* [What you will do]
Nothing in the records should change; write them all out again.
▬▬▬▬▬▬
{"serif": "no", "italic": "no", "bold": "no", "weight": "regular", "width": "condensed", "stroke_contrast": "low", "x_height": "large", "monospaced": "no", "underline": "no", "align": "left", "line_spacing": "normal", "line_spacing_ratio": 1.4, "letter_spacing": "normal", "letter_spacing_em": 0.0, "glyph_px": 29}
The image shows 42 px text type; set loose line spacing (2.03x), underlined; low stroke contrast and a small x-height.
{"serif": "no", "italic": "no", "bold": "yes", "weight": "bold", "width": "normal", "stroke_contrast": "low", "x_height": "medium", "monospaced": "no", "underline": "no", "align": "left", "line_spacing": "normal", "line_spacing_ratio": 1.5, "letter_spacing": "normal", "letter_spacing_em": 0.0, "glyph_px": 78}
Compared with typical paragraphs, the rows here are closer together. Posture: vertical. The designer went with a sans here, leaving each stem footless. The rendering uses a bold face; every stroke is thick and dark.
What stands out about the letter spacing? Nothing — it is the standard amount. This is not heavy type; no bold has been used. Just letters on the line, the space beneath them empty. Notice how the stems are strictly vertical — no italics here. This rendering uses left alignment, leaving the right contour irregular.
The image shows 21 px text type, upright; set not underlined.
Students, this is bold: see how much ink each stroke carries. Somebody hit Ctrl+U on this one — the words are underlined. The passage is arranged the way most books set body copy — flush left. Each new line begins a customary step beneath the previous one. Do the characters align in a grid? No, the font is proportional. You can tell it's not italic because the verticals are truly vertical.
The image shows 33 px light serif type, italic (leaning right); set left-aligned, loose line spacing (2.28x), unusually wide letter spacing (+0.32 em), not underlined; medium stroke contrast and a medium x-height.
▬▬▬▬▬▬
* [Answer for the task]
{"serif": "no", "italic": "no", "bold": "no", "weight": "regular", "width": "condensed", "stroke_contrast": "low", "x_height": "large", "monospaced": "no", "underline": "no", "align": "left", "line_spacing": "normal", "line_spacing_ratio": 1.4, "letter_spacing": "normal", "letter_spacing_em": 0.0, "glyph_px": 29}
The image shows 42 px text type; set loose line spacing (2.03x), underlined; low stroke contrast and a small x-height.
{"serif": "no", "italic": "no", "bold": "yes", "weight": "bold", "width": "normal", "stroke_contrast": "low", "x_height": "medium", "monospaced": "no", "underline": "no", "align": "left", "line_spacing": "normal", "line_spacing_ratio": 1.5, "letter_spacing": "normal", "letter_spacing_em": 0.0, "glyph_px": 78}
Compared with typical paragraphs, the rows here are closer together. Posture: vertical. The designer went with a sans here, leaving each stem footless. The rendering uses a bold face; every stroke is thick and dark.
What stands out about the letter spacing? Nothing — it is the standard amount. This is not heavy type; no bold has been used. Just letters on the line, the space beneath them empty. Notice how the stems are strictly vertical — no italics here. This rendering uses left alignment, leaving the right contour irregular.
The image shows 21 px text type, upright; set not underlined.
Students, this is bold: see how much ink each stroke carries. Somebody hit Ctrl+U on this one — the words are underlined. The passage is arranged the way most books set body copy — flush left. Each new line begins a customary step beneath the previous one. Do the characters align in a grid? No, the font is proportional. You can tell it's not italic because the verticals are truly vertical.
The image shows 33 px light serif type, italic (leaning right); set left-aligned, loose line spacing (2.28x), unusually wide letter spacing (+0.32 em), not underlined; medium stroke contrast and a medium x-height.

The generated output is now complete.